Nepal continues high Risk of HIV due to War
The Maoist war creates difficulties in setting up the necessary conditions to combat HIV/AIDS in Nepal. Health workers involved in HIV education have complained that due to the Maoist insurgency they are unable to spread the health message to the remote villages. In Western Nepal, people said the spread of HIV/AIDS was hastened by violence, lack of health services and drugs.
On the other side, Nepal is struggling to cope with the growing HIV/AIDS epidemic because we do not have the same access to the new and expensive drugs used in the western countries. In Nepal, HIV/AIDS positives have been deprived of CD-4 Cell Count facility, and also deprived of the widely available ARV drugs. Standard treatment with antiviral drugs is just too expensive for most people in Nepal. An effective HIV/AIDS vaccine is still a dream.
Though the life-prolonging drugs ARVs bring relief to the lives of people living with HIV/AIDS and increase their life expectancy, poor people have not been able to afford them and it is also beyond the government's budget capacity to provide the drugs to all HIV/AIDS patients for life. With the cost of counselling, social support and medical care, the figure is a lot higher. Drug companies in rich nations have often been accused of putting profits ahead of any commitment to combating an epidemic which is decimating populations in developing countries.
The cost of the medicine is high, so the local people do not have easy access to buy it. Even the check-up charge is costly because of the kit, which is very expensive. Nepal needed cheaper, generic drugs. In addition, throughout Nepal there are few doctors to treat AIDS patients. Price of ART had to be brought down to make it accessible for the poor.

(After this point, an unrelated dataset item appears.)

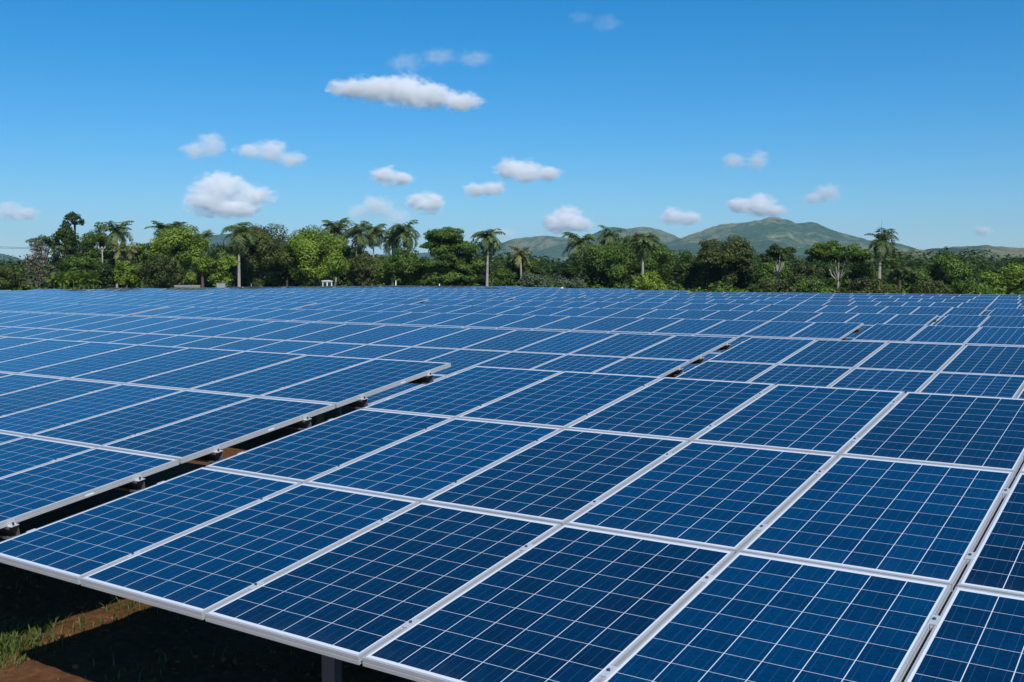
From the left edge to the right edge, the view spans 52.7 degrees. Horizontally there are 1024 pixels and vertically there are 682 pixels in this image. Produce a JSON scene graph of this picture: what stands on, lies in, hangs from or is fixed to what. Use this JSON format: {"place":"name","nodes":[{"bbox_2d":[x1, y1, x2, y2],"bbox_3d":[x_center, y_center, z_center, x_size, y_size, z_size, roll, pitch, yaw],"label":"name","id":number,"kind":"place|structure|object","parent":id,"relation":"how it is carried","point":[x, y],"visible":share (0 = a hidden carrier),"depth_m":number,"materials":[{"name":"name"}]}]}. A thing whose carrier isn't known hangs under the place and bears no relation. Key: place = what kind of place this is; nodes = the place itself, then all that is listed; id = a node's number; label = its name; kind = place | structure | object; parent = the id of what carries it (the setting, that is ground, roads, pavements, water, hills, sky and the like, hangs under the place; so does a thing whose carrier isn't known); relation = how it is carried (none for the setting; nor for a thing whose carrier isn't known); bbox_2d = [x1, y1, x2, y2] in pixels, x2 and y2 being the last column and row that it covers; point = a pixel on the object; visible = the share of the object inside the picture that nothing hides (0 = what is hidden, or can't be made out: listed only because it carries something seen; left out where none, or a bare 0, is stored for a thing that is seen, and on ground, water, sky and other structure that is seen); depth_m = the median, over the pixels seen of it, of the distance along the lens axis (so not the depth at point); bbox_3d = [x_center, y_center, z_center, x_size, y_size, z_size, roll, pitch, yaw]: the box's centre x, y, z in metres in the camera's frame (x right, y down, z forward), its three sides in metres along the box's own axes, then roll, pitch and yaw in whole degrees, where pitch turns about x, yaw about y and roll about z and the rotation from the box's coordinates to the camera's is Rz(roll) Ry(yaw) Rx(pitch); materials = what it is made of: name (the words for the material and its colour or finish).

Even recently The UN System in Nepal, in support with its 17 implementing partners, is all set to implement its GFATM-funded-projects in six districts of Nepal namely Acham, Banke, Chitwan, Doti, Jhapa and Rupandehi. In preparation for the activities, the implementing partners recently met and linkages with the technical resources within the UN System were established.
A key obstacle in overcoming the problem was refusal of the political leadership to accept the fact that the disease had gained a foothold in Nepal. Most policy-makers are hesitant to make the difficult policy decision to maximize government support to primary prevention programmes. In spite of such factors, less access to health delivery services, lack of sex education in school curriculum, sexuality issues as social taboos, and poor knowledge about condoms are also contributing to increase HIV/AIDS infection. Political commitment is lacking and ineffective implementation of plans; inadequate commitment and negligence in understanding the seriousness of the problem.

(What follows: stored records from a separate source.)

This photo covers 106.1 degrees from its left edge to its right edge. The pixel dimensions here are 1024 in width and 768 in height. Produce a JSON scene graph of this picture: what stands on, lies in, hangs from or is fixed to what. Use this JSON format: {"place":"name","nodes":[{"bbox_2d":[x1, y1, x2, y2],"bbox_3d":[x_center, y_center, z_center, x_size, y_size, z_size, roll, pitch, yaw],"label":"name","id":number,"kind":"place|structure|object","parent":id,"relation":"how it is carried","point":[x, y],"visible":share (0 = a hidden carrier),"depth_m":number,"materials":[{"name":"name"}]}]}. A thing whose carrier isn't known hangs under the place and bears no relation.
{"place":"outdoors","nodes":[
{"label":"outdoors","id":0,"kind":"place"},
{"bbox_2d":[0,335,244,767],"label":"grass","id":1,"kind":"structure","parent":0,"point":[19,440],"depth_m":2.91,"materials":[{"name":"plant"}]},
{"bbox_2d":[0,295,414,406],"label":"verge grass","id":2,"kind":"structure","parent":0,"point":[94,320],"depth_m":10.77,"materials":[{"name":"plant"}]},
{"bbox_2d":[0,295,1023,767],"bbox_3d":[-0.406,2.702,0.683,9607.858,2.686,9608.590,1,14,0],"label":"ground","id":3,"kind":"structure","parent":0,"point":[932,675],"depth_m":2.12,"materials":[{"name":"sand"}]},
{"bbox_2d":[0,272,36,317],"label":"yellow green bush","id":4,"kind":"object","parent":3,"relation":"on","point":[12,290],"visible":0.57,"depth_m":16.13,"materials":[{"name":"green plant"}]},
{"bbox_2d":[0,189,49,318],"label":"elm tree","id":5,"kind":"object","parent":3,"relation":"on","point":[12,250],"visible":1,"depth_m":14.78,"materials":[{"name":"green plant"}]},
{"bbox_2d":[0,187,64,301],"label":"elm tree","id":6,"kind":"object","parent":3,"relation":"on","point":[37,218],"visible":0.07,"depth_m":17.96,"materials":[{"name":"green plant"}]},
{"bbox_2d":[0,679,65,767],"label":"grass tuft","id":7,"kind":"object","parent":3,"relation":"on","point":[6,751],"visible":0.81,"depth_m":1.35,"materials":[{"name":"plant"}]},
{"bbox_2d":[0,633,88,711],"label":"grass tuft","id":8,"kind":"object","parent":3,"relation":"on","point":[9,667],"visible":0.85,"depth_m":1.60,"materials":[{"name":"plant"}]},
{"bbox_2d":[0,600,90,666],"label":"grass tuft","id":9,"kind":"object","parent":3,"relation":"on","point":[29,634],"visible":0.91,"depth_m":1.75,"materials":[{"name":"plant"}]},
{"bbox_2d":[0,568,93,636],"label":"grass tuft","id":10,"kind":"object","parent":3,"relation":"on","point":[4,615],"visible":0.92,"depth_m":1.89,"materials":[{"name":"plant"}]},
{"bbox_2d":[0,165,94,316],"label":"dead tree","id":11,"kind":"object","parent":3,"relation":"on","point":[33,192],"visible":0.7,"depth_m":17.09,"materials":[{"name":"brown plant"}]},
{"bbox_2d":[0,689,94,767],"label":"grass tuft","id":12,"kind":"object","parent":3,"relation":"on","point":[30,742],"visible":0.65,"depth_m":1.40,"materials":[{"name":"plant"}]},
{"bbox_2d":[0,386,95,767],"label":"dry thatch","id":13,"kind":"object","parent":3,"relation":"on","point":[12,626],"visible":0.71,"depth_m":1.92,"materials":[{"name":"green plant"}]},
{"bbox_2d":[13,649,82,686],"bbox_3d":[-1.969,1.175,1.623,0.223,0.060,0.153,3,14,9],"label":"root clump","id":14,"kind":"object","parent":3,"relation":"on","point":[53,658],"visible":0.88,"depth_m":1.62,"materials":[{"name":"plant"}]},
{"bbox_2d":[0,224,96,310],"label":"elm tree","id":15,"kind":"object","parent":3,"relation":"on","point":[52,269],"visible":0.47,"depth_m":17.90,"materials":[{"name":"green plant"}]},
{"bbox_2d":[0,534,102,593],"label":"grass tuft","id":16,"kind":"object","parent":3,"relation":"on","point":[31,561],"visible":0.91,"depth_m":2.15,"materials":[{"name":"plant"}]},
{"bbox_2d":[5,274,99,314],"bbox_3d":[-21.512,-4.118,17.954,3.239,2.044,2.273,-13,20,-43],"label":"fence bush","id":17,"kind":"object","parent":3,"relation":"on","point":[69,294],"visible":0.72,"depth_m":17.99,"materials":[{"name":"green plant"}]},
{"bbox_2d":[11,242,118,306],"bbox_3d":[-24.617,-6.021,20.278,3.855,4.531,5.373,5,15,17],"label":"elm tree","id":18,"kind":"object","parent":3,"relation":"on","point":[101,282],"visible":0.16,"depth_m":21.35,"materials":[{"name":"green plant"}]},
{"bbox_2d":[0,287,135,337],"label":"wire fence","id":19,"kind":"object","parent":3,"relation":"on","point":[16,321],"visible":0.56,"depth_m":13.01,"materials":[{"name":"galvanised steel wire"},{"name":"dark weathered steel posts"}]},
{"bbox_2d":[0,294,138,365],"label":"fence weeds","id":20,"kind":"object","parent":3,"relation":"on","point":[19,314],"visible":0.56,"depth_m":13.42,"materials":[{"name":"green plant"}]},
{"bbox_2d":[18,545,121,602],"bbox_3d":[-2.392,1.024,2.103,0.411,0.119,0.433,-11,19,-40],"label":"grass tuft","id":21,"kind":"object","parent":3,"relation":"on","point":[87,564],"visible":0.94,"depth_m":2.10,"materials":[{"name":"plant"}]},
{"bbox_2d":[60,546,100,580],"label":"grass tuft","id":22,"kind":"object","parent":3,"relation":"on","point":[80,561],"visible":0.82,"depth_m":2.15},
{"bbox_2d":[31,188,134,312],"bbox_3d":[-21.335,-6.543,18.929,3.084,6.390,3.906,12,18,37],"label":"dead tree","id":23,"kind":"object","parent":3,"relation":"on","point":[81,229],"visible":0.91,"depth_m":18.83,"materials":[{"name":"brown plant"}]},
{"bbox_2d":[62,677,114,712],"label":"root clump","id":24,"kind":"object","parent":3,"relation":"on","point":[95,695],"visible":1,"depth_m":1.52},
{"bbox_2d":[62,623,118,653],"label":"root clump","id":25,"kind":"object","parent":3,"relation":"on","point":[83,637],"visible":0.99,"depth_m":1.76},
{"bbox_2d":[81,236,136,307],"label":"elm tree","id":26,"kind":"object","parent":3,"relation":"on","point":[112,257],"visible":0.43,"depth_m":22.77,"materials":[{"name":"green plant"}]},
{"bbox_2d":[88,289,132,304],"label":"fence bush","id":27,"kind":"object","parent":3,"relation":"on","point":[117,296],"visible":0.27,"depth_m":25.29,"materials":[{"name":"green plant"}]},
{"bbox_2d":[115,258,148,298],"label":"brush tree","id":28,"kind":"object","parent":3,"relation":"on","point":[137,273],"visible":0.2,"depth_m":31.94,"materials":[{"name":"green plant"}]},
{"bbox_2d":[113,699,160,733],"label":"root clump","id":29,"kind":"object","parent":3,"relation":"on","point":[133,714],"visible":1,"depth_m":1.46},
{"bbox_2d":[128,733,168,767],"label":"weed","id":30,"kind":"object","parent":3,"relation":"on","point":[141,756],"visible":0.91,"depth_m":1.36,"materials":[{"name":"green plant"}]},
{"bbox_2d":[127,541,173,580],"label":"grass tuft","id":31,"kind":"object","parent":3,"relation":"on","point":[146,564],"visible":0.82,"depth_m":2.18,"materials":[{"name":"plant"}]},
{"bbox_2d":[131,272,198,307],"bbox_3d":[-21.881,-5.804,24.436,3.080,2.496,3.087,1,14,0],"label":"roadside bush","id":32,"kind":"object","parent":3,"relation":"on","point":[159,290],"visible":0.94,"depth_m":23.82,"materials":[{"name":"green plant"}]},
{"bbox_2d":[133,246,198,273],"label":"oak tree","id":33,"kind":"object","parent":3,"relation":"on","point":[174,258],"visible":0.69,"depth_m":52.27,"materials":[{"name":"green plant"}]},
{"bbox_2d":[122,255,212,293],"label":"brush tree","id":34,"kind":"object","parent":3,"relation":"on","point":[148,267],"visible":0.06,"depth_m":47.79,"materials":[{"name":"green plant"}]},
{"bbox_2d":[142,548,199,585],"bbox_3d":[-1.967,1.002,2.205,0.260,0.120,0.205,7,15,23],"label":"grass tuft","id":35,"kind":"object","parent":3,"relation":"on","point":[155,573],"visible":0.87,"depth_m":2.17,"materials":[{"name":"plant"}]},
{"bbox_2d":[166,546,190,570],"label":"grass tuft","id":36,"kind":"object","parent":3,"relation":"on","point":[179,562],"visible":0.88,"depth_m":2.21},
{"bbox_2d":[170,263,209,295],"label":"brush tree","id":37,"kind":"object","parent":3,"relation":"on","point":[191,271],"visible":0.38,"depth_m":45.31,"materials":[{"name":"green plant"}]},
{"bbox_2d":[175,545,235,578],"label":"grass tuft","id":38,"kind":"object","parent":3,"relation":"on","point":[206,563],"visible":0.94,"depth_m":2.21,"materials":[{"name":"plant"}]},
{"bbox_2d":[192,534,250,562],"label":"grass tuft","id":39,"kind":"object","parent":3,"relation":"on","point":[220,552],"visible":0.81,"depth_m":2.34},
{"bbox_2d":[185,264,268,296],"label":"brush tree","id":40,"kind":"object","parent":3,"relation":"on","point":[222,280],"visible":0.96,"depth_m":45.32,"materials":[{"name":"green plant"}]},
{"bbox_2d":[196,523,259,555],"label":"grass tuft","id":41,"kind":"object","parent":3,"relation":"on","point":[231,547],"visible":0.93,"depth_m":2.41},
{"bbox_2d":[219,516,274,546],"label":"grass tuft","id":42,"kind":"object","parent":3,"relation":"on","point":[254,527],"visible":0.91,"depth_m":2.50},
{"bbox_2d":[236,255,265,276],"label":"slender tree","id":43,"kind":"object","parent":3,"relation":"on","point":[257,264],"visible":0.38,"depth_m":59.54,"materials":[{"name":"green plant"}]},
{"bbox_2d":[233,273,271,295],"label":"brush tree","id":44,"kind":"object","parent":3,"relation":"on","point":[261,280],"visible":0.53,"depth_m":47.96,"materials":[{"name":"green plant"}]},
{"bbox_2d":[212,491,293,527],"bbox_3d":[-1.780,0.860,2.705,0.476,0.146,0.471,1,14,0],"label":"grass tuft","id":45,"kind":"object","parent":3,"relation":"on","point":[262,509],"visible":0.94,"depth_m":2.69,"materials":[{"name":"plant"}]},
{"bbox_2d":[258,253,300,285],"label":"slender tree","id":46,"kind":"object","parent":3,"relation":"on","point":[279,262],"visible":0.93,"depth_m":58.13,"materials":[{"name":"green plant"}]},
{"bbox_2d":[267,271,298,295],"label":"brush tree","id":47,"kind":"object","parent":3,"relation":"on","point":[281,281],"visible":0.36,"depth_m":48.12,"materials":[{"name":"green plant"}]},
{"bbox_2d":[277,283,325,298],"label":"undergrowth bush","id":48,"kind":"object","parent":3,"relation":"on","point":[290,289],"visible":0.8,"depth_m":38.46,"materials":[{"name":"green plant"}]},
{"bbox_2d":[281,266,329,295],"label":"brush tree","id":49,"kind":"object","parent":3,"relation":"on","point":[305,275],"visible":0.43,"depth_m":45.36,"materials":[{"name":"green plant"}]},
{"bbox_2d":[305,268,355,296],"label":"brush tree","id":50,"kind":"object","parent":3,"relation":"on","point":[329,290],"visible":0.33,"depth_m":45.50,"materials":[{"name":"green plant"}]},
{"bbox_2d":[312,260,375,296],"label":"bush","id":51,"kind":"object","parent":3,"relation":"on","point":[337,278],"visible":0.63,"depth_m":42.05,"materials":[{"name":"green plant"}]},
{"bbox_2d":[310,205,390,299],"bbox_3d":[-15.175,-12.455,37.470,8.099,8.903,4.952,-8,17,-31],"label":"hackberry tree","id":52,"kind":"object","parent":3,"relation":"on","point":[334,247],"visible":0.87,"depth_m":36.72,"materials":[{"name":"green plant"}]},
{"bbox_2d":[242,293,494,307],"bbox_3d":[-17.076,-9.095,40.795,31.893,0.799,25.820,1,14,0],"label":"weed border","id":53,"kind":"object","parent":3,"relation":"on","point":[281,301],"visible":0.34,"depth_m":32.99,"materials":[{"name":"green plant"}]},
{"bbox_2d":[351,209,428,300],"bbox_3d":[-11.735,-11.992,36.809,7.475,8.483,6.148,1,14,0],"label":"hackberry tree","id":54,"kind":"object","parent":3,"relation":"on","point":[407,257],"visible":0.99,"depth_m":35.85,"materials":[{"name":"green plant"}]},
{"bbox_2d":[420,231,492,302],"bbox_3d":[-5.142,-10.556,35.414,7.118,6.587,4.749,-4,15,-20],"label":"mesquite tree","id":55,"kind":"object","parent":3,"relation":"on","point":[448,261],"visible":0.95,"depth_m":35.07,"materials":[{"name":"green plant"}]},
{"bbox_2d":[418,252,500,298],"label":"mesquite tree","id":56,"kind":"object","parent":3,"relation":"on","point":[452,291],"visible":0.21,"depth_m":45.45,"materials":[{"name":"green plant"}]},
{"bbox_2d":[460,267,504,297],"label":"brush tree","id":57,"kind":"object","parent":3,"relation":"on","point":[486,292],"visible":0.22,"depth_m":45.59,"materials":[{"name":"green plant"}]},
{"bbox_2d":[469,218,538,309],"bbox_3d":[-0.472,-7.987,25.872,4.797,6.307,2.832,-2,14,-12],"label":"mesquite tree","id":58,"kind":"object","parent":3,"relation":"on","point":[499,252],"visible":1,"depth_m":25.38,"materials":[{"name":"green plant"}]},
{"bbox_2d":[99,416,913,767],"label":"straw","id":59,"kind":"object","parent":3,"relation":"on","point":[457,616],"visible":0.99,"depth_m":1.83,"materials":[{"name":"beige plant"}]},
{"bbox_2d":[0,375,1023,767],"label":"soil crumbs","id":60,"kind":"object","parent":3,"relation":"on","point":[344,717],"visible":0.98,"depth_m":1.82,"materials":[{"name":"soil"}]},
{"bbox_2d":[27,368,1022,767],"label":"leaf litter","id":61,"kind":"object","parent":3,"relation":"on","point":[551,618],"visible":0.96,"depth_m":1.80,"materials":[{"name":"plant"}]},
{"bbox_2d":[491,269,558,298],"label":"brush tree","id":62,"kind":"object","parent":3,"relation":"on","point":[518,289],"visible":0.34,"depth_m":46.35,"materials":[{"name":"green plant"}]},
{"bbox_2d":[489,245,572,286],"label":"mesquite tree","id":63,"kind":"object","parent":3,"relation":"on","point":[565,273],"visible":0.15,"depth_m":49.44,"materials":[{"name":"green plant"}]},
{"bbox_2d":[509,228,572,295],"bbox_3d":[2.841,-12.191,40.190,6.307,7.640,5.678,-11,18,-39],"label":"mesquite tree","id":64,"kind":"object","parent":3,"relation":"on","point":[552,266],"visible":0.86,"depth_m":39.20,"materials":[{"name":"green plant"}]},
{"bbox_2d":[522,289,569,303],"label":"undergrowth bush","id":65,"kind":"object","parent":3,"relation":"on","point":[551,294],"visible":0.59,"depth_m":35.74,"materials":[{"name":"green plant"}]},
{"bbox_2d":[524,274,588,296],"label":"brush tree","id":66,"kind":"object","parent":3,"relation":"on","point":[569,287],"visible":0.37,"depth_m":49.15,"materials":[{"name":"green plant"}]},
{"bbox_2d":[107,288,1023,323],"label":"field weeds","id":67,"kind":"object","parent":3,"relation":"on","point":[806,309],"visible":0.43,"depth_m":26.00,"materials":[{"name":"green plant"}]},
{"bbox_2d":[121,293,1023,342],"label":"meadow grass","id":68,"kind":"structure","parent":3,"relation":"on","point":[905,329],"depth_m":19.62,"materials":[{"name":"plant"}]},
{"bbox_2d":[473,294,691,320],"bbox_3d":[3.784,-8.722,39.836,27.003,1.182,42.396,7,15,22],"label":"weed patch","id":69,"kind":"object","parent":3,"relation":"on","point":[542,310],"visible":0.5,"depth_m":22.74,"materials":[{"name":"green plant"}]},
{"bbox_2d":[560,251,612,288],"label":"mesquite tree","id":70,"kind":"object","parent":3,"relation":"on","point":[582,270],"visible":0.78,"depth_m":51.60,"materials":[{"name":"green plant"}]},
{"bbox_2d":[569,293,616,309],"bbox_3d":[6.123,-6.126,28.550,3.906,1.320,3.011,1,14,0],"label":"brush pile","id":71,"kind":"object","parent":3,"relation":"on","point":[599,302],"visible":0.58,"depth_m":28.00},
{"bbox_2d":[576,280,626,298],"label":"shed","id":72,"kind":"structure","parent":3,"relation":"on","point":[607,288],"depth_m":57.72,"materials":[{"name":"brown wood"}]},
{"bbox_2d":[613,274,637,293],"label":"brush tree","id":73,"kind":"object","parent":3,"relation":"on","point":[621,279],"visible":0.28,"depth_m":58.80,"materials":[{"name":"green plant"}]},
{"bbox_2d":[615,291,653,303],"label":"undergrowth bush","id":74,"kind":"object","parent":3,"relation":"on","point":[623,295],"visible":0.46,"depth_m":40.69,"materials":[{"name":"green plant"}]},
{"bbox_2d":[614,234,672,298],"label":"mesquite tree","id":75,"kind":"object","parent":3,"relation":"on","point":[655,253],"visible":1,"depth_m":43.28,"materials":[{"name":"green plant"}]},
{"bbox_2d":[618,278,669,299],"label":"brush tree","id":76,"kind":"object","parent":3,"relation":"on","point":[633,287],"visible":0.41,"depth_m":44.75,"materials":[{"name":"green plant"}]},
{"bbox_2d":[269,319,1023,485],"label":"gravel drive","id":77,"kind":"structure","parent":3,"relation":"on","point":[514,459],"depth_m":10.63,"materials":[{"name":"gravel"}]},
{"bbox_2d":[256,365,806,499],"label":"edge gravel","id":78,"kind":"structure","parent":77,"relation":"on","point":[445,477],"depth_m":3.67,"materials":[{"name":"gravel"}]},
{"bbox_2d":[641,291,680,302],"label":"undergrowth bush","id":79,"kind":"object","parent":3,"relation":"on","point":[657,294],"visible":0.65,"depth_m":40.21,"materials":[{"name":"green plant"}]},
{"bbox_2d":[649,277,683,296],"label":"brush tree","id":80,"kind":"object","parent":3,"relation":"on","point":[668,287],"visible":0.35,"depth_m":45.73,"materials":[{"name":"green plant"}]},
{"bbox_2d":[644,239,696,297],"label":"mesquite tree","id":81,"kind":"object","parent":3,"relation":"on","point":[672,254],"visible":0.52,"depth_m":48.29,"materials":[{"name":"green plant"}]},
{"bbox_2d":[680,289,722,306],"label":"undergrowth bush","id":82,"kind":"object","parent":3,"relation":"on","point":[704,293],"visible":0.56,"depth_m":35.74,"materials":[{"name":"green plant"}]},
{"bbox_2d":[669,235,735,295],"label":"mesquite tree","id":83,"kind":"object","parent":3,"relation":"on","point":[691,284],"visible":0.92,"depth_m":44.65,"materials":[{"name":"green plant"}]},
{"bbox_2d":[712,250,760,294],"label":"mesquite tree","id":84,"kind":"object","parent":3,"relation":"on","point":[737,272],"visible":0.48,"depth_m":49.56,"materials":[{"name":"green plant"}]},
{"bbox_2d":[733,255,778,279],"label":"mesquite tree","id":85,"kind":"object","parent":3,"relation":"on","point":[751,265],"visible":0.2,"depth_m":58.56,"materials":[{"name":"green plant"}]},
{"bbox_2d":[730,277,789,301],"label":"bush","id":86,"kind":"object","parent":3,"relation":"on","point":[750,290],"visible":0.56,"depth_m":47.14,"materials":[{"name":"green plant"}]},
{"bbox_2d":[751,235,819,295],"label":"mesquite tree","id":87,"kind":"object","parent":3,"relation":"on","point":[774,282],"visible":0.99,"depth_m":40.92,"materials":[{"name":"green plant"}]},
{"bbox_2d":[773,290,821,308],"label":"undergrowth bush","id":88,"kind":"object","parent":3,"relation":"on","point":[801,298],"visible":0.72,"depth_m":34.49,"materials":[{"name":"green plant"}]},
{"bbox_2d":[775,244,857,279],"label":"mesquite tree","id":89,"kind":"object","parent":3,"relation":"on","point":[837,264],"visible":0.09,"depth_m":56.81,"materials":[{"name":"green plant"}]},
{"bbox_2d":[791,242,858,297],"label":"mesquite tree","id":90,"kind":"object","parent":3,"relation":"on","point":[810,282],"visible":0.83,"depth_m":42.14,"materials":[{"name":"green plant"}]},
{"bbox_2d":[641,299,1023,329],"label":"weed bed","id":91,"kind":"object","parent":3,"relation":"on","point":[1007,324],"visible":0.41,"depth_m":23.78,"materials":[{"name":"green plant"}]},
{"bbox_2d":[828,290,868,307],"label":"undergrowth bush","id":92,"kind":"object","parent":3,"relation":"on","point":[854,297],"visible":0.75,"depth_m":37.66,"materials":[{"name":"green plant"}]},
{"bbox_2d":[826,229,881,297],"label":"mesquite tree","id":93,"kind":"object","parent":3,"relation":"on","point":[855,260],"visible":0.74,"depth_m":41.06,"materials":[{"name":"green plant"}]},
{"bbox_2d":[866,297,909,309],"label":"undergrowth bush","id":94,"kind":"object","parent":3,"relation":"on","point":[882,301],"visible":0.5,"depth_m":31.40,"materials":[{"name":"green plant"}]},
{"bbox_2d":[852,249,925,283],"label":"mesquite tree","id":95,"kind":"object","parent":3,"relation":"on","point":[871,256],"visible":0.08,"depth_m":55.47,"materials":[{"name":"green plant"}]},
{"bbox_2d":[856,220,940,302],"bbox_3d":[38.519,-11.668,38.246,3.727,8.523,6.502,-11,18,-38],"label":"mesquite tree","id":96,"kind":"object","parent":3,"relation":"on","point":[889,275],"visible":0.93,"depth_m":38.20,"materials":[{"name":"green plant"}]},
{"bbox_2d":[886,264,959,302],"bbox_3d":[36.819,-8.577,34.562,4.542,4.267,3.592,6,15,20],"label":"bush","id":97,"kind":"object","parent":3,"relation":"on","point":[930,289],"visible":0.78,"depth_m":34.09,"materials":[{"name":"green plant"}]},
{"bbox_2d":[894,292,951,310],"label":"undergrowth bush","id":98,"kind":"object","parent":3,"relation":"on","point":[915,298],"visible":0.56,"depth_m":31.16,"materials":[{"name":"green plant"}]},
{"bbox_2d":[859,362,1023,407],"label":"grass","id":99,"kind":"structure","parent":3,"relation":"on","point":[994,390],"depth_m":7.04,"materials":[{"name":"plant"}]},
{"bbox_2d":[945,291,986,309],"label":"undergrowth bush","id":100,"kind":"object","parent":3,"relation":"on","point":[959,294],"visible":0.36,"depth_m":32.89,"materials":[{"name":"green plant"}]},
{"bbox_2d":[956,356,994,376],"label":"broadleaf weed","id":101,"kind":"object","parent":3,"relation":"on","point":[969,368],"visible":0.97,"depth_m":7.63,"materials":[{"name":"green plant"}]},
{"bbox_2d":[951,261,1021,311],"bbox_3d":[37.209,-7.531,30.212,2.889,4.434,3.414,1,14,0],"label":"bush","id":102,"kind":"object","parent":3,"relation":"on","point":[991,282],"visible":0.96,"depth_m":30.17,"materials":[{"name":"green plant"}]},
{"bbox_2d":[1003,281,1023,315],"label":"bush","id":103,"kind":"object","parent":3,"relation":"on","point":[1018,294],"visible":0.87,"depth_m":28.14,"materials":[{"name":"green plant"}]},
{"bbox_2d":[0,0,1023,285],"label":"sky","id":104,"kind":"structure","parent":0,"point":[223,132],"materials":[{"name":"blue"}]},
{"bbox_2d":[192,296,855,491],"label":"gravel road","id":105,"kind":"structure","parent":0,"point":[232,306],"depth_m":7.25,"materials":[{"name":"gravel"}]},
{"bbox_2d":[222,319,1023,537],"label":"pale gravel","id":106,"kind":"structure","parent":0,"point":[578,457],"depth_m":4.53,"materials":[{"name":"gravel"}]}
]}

On the other side, For HIV to be addressed in situations of conflict may well require a psychological and political revolution. HIV/AIDS, moreover, can make it harder to bring conflict to an end. Law and order and governance have to be re-established quickly, regional and local administrations set up, schools and clinics opened.
It is highly essential to address the problem through consolidation of multi-sectoral and collaborative efforts. Capacity building of communities along with empowering women and girls is necessary. Medical treatment and psychological support to the victims are also essential factors that need immediate attention in the repatriation process. Nepal must try to slow new cases through preventive education and encouraging condom.
Even recently, China recognizes that even low overall HIV infection rates pose a serious threat in the long run. So, China has moved quickly to put in place anti-discrimination laws, to build a treatment programme for those already infected and to initiate prevention activities targeting injecting drug users and sex workers. Solutions are equally elusive, especially for long-term problems that cannot simply be swept away by a single policy change or introduction of an international law or convention.
Investing in health can reduce the risk of conflict as well as mitigating its impact. Health can help peace also in operational terms.